Colin Miège figure parmi les « passeurs » de la mémoire de la Grande Guerre, comme je l’ai montré dans ma chronique « Écrire… Publier… Réflexions sur les témoignages de 1914-1918 » sur ce même site du CRID 14-18. Le fonds qu’il met en valeur est celui qu’a laissé son grand-père Désiré Sic. Il avait commencé en 2014 en coopération avec Alexandre Lafon pour le premier titre de la collection « Destins de la Grande Guerre » des éditions Privat à Toulouse. Ce livre de 2022 est le sixième issu du fonds. Il reprend cette fois la correspondance entre le sous-officier, puis officier, du génie et son épouse Fernande, commencée dès la mobilisation et arrêtée lorsque la nomination de Désiré au Maroc lui permet de se faire accompagner de sa femme. Les lettres manquantes sont très rares. S’il y a seulement 300 lettres de Désiré pour 1000 de Fernande, c’est parce que celle-ci écrivait tous les jours, tandis que le soldat prenait plus rarement la plume. Les aspects attendus sont présents : lenteur du courrier, censure, envois par des permissionnaires pouvant utiliser la poste civile, codage par points sous les lettres pour former le nom du secteur où l’on se trouve.

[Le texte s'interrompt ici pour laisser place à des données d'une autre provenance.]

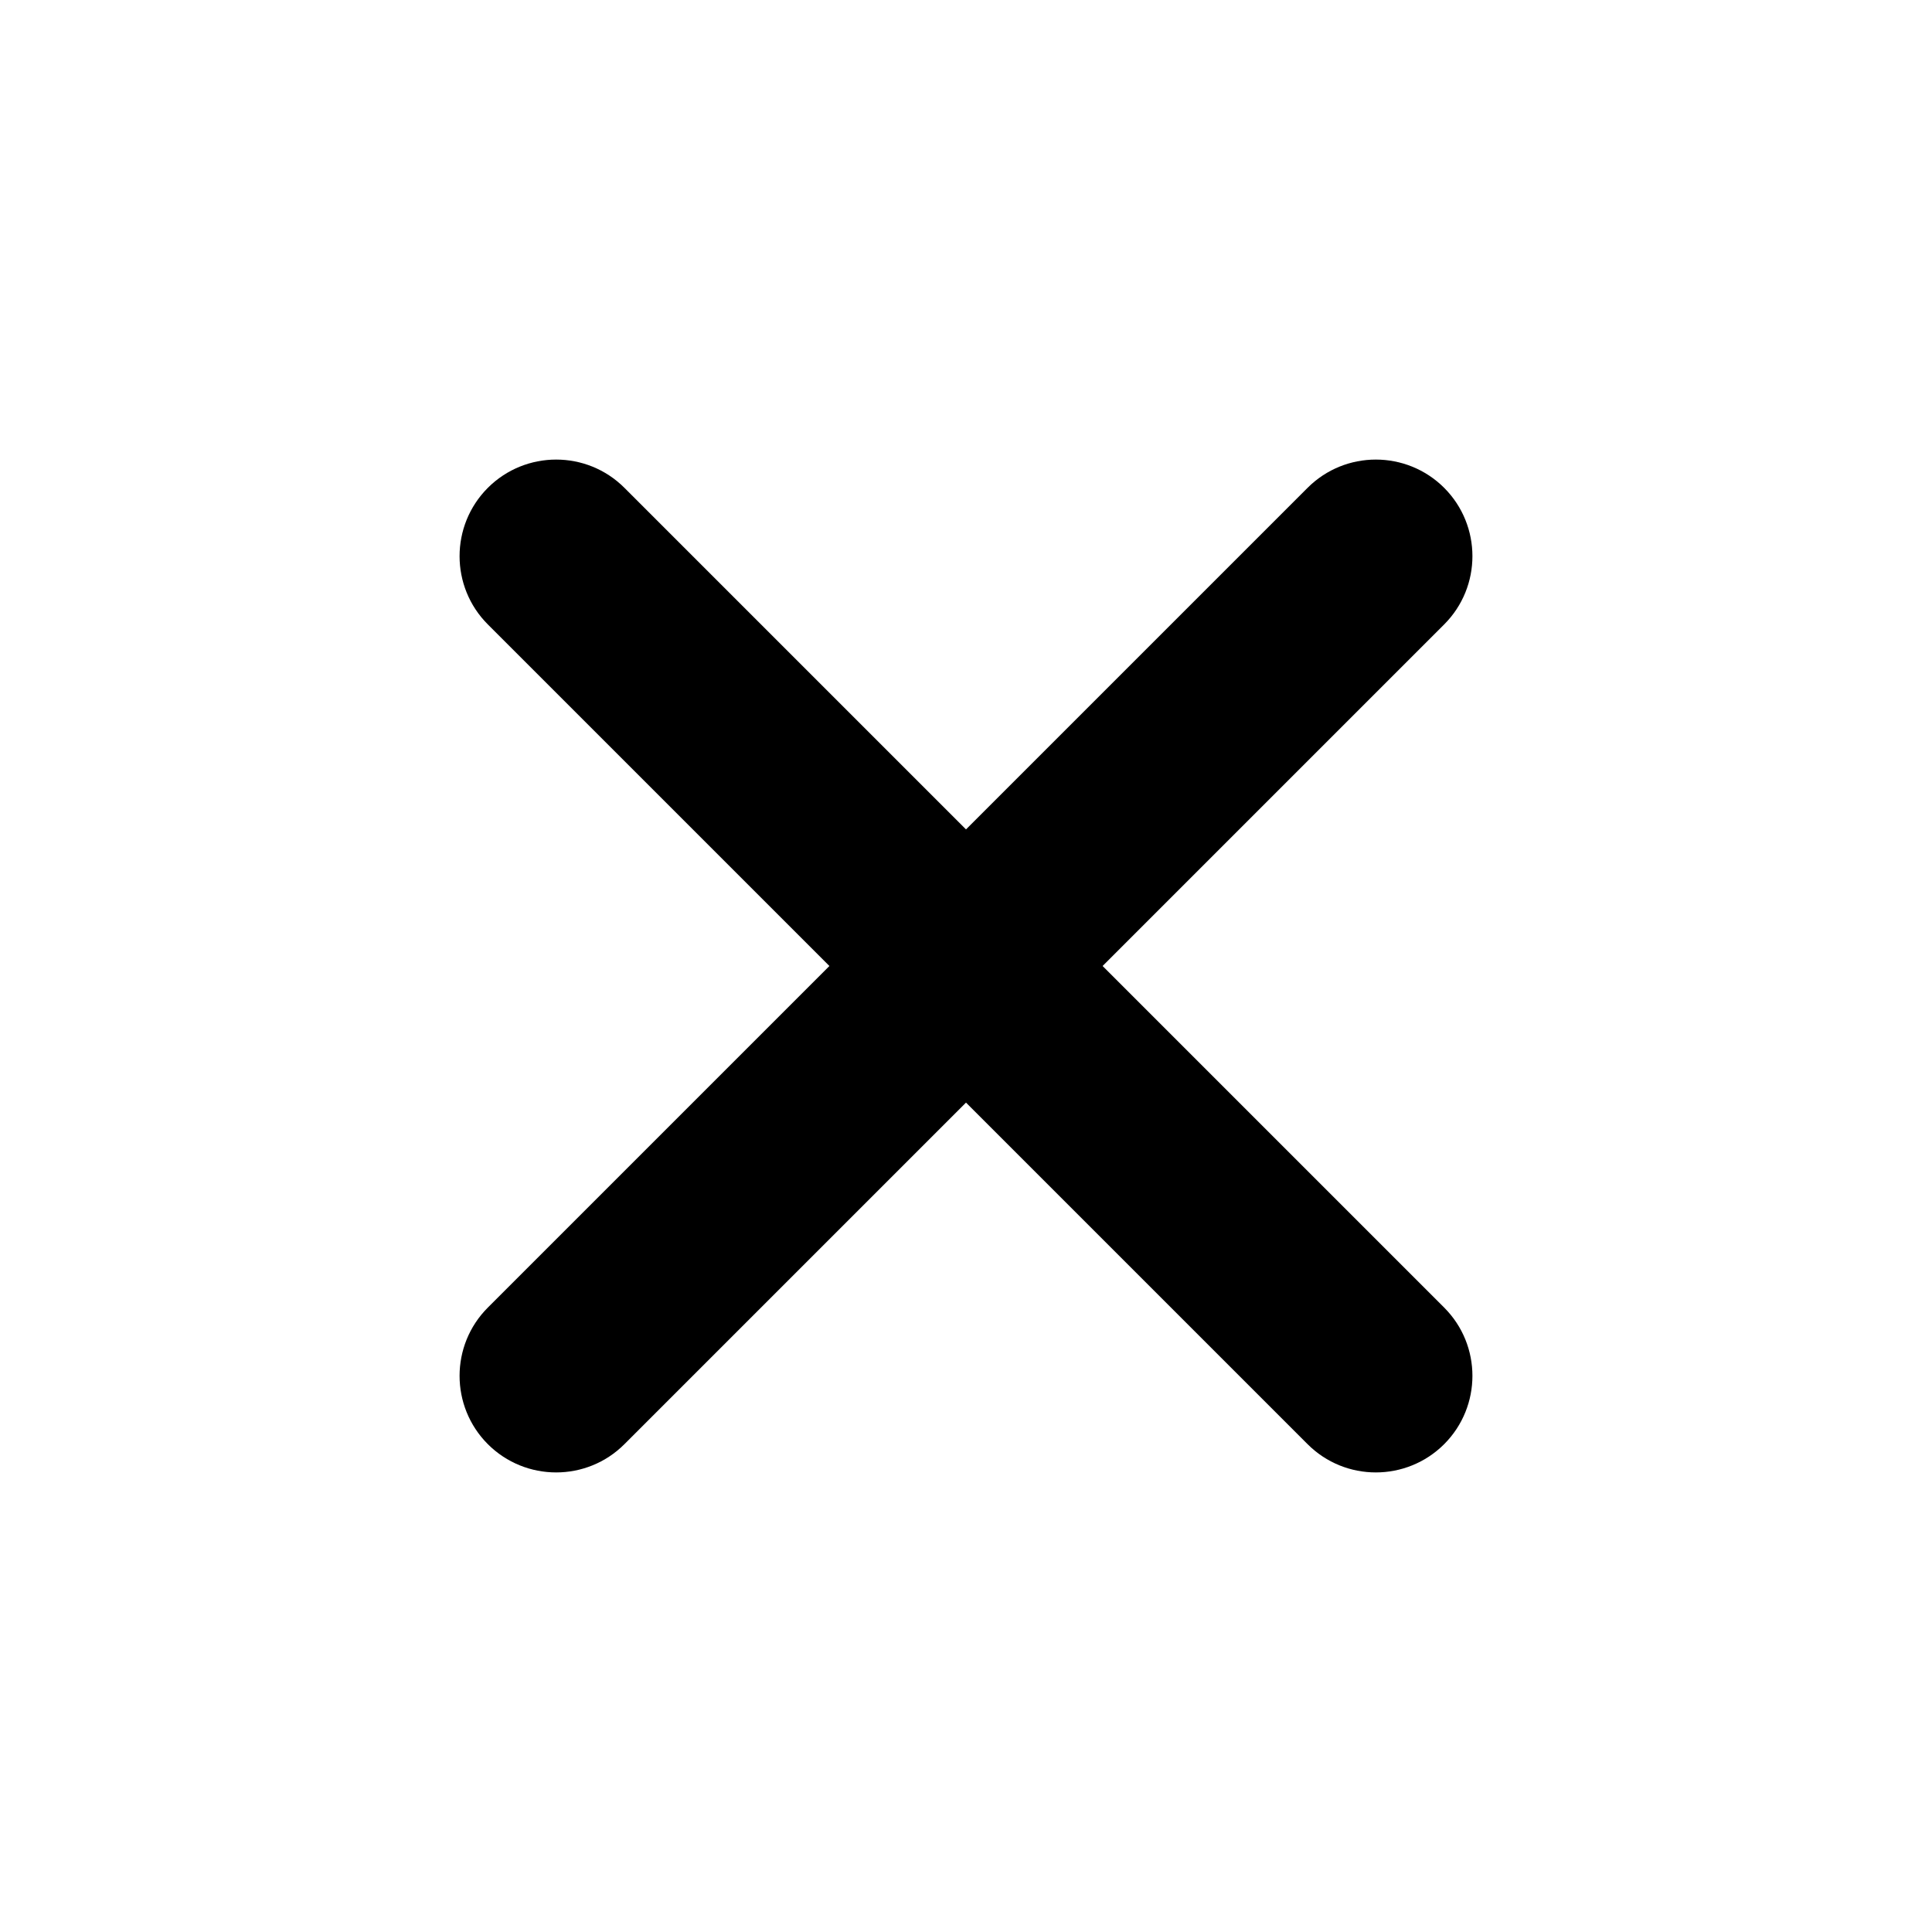 <svg width="20" height="20" viewBox="0 0 20 20" fill="none" xmlns="http://www.w3.org/2000/svg">
<path d="M5.05 5.05C5.441 4.66 6.074 4.66 6.464 5.05L10 8.586L13.536 5.05C13.926 4.66 14.559 4.66 14.95 5.05C15.34 5.441 15.34 6.074 14.95 6.464L11.414 10L14.95 13.536C15.34 13.926 15.34 14.559 14.95 14.95C14.559 15.34 13.926 15.34 13.536 14.95L10 11.414L6.464 14.95C6.074 15.34 5.441 15.34 5.05 14.95C4.66 14.559 4.66 13.926 5.05 13.536L8.586 10L5.05 6.464C4.66 6.074 4.66 5.441 5.05 5.05Z" fill="black"/>
</svg>
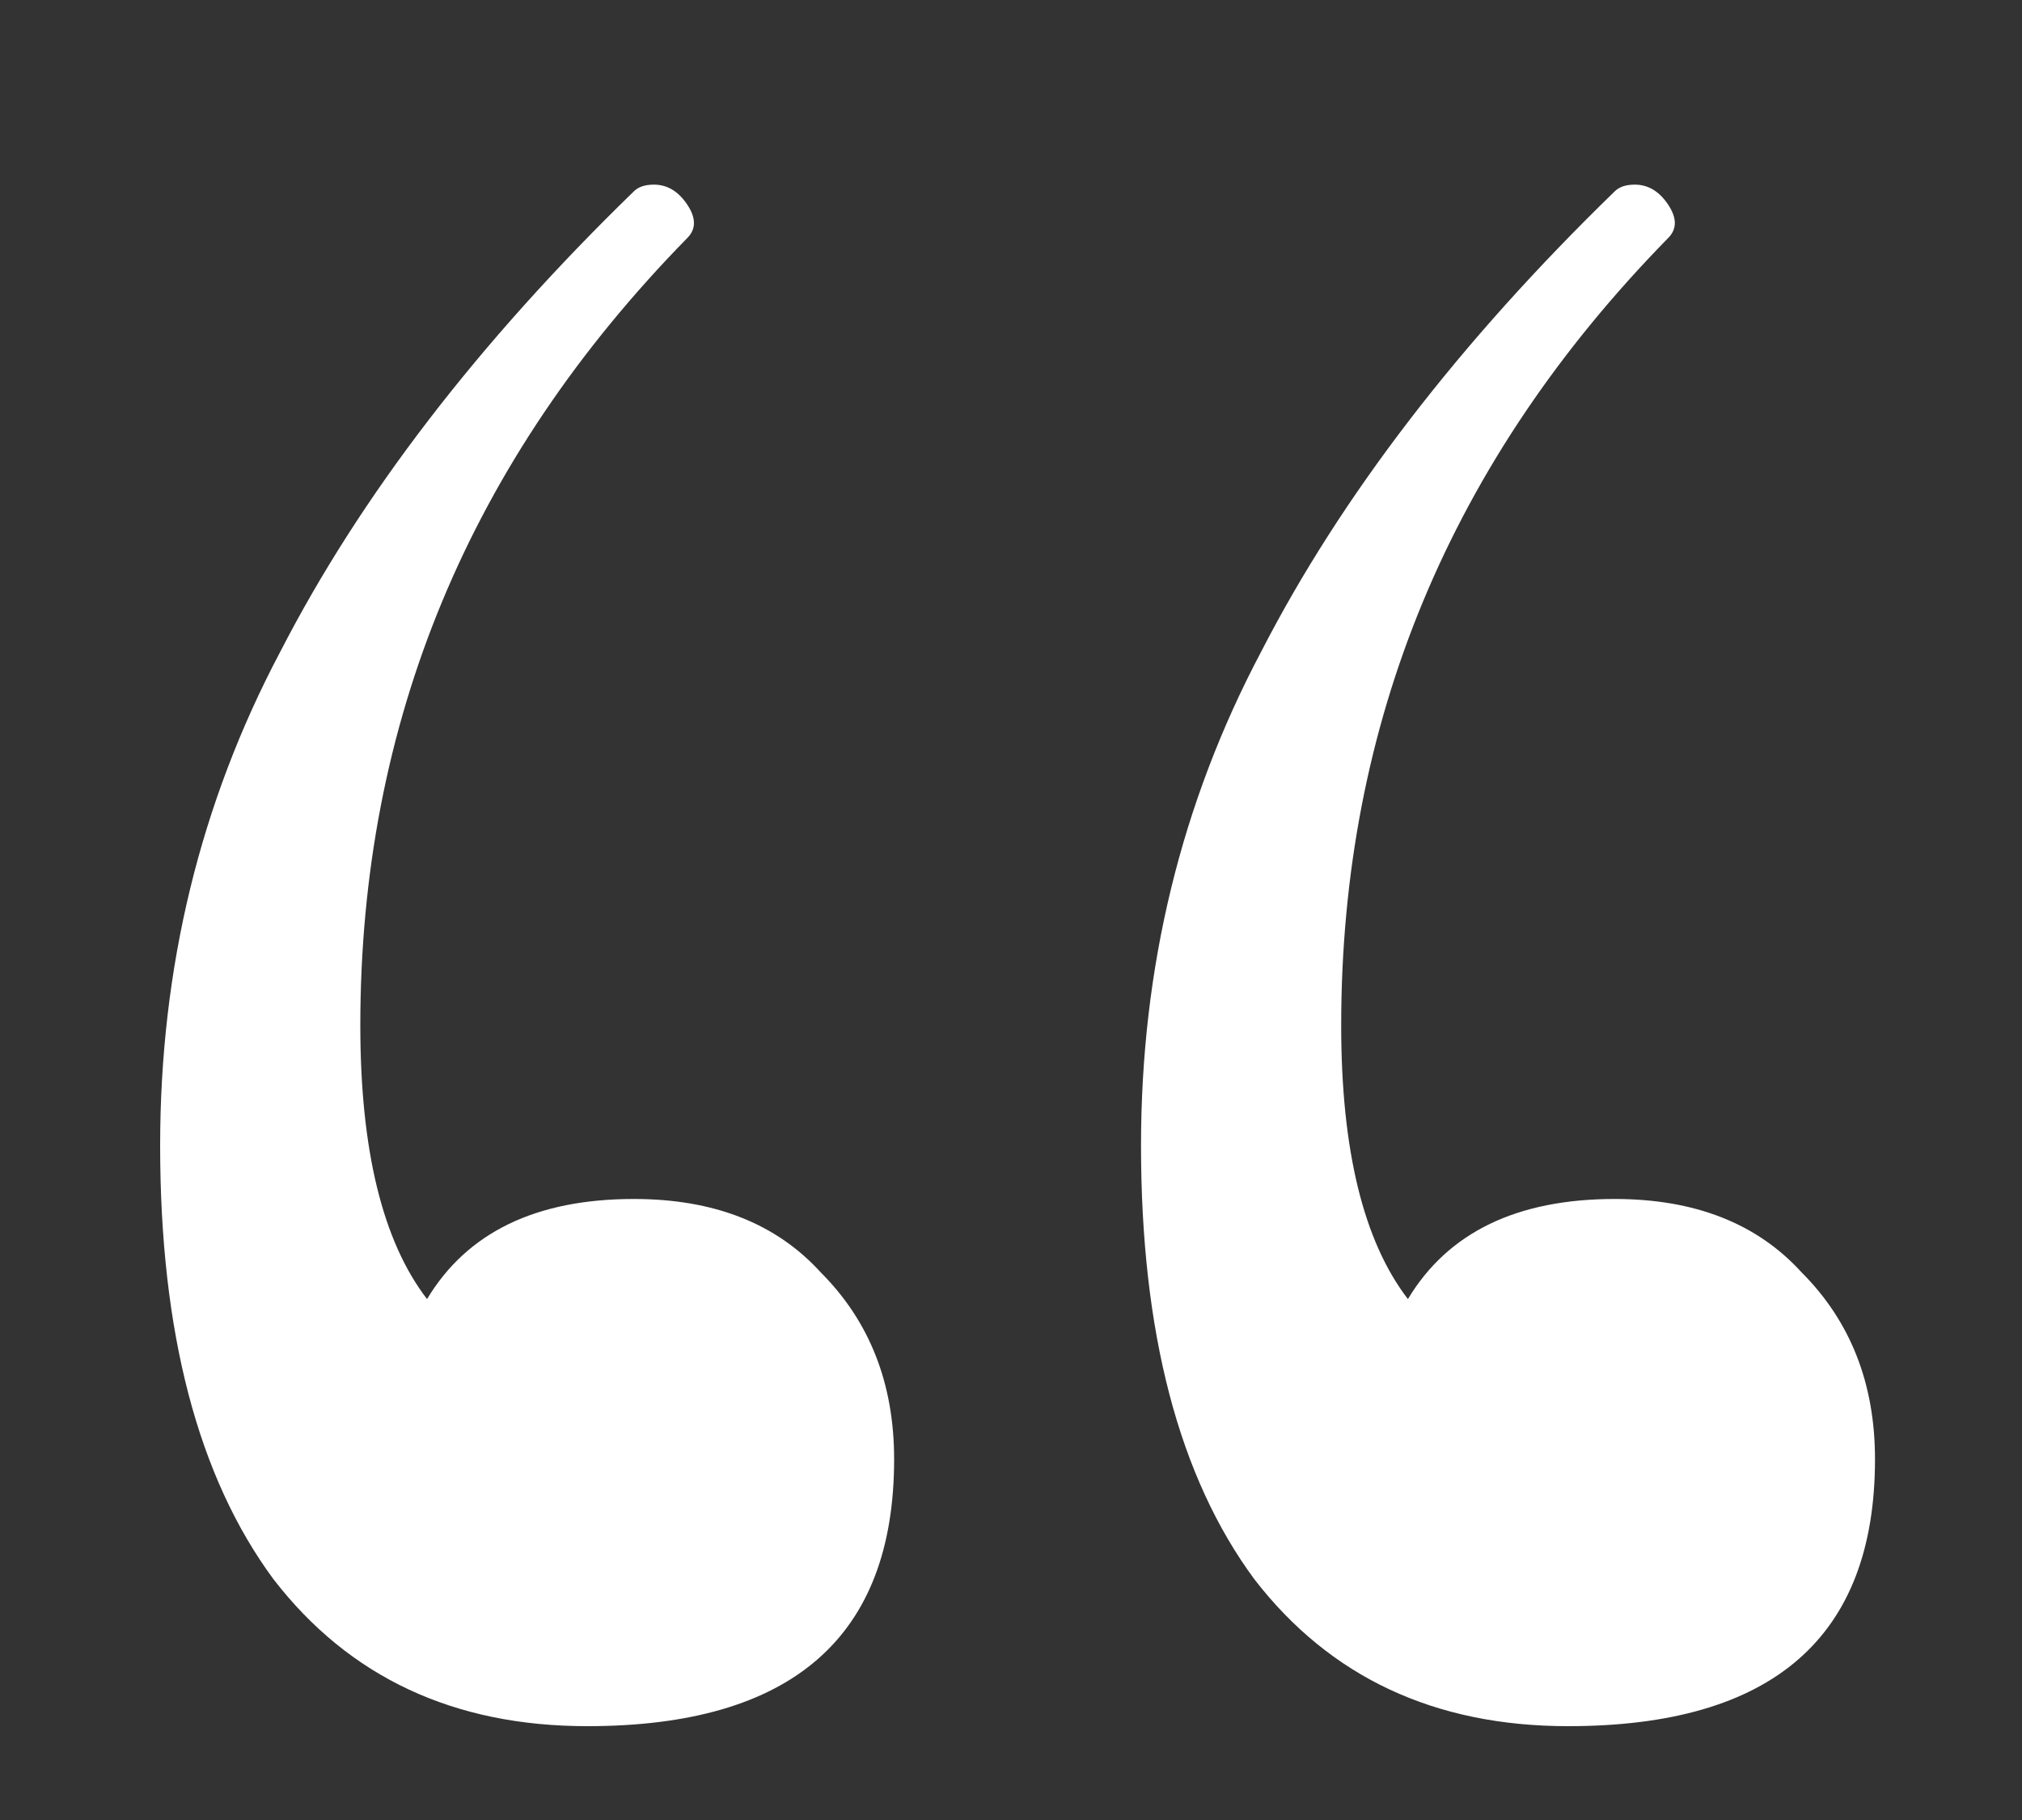 <?xml version="1.0" encoding="UTF-8"?> <svg xmlns="http://www.w3.org/2000/svg" width="30" height="27" viewBox="0 0 30 27" fill="none"><rect x="0" y="0" width="30" height="27" fill="#333333" stroke="none"/> <g clip-path="url(#clip0_212_6)"> <path d="M9.405 17.787C10.593 17.787 11.517 18.15 12.177 18.876C12.903 19.602 13.266 20.526 13.266 21.648C13.266 24.288 11.748 25.608 8.712 25.608C6.732 25.608 5.181 24.882 4.059 23.43C2.937 21.912 2.376 19.767 2.376 16.995C2.376 14.355 2.97 11.913 4.158 9.669C5.346 7.359 7.095 5.082 9.405 2.838C9.471 2.772 9.57 2.739 9.702 2.739C9.9 2.739 10.065 2.838 10.197 3.036C10.329 3.234 10.329 3.399 10.197 3.531C6.963 6.831 5.346 10.725 5.346 15.213C5.346 17.061 5.676 18.414 6.336 19.272C6.93 18.282 7.953 17.787 9.405 17.787ZM23.958 17.787C25.146 17.787 26.07 18.15 26.73 18.876C27.456 19.602 27.819 20.526 27.819 21.648C27.819 24.288 26.301 25.608 23.265 25.608C21.285 25.608 19.734 24.882 18.612 23.43C17.49 21.912 16.929 19.767 16.929 16.995C16.929 14.355 17.523 11.913 18.711 9.669C19.899 7.359 21.648 5.082 23.958 2.838C24.024 2.772 24.123 2.739 24.255 2.739C24.453 2.739 24.618 2.838 24.75 3.036C24.882 3.234 24.882 3.399 24.75 3.531C21.516 6.831 19.899 10.725 19.899 15.213C19.899 17.061 20.229 18.414 20.889 19.272C21.483 18.282 22.506 17.787 23.958 17.787Z" fill="white"></path> </g> <defs> <clipPath id="clip0_212_6"> <rect width="30" height="27" fill="white"></rect> </clipPath> </defs> </svg>

Très épais, le livre nous fait pénétrer dans la vie d’un couple de nouveaux mariés pendant trois ans de séparation : l’amour, la souffrance, la jalousie, l’adultère (rarement assumé ailleurs), les nouvelles de la famille, les décès, la naissance d’un fils. Quelques thèmes sont récurrents. Au début, Fernande ne cesse de se plaindre de recevoir si peu de courrier, et Désiré lui répond : sois femme de soldat, laisse-nous nous battre sans jérémiades. Vient le temps où Désiré a acheté deux appareils photographiques et où les questions des prises de vue et des tirages occupent une très large place. Désiré avait pratiqué la photo au Maroc avant 1914. Autre thème : la longueur de la séparation fait apparaître quantité d’allusions érotiques.

Désiré Sic est fier de monter en grade, de recevoir des décorations, d’être remarqué par la revue L’Illustration. Il en est de même pour Fernande. Le gradé fait collection de souvenirs de guerre, fusils, casques allemands, qui s’ajoutent à une collection déjà constituée au Maroc. Le patriotisme du couple est affirmé à plusieurs reprises : il est question de chasser les Boches, de gagner la guerre. Sur plusieurs pages, le lieutenant Sic exprime sa certitude du succès de l’offensive Nivelle du printemps 1917. Une lettre annonce qu’il sera à Laon, puis il est obligé d’admettre qu’il se faisait des illusions. Le 1er janvier 1916, il avait cependant lancé le cri « Vivement la fin de cette guerre ! » Le 29 septembre de la même année, Fernande écrit à son tour : « On se demande quand finira ce carnage. » Elle avait envisagé, si son enfant était une fille, de l’appeler Joffrette, mais Désiré manquait d’enthousiasme pour ce prénom qui aurait été difficile à porter. Le couple échangeait des critiques des « embusqués » restant au Maroc ou obtenant de s’y faire nommer ; cependant Désiré faisait dès la fin de 1915 des démarches dans le même sens. Démarches couronnées de succès, mais la mort de leur fils victime de fièvres mal soignées allait culpabiliser durablement les parents.

Les informations sur la guerre apparaissent rarement, mais on en découvre dans la masse de la correspondance. Désiré décrit certains travaux effectués par le génie : fortifier les tranchées ; établir une ligne téléphonique ; construire un abri ; couper les fils de fer lors d’une attaque ; creuser des mines sous les tranchées ennemies. Les officiers ont une cantine (et non un sac à dos), un cheval, une ordonnance. À Noël en 1914, les soldats de la légion étrangère chantent en plusieurs langues. De son côté, Fernande note qu’il y a des prisonniers allemands au Maroc d’abord, plus tard à Entrevaux. Des réfugiés belges sont allés jusqu’en Algérie. Elle signale les pèlerinages à Notre-Dame d’Afrique à Alger, et d’autres à Entrevaux, tandis que, dans les parages, en quelques jours du mois de mai 1916, Jeanne d’Arc est apparue à un petit berger, et la Vierge Marie à une petite bergère. Fernande ne montre aucune crédulité, et Désiré exprime son scepticisme.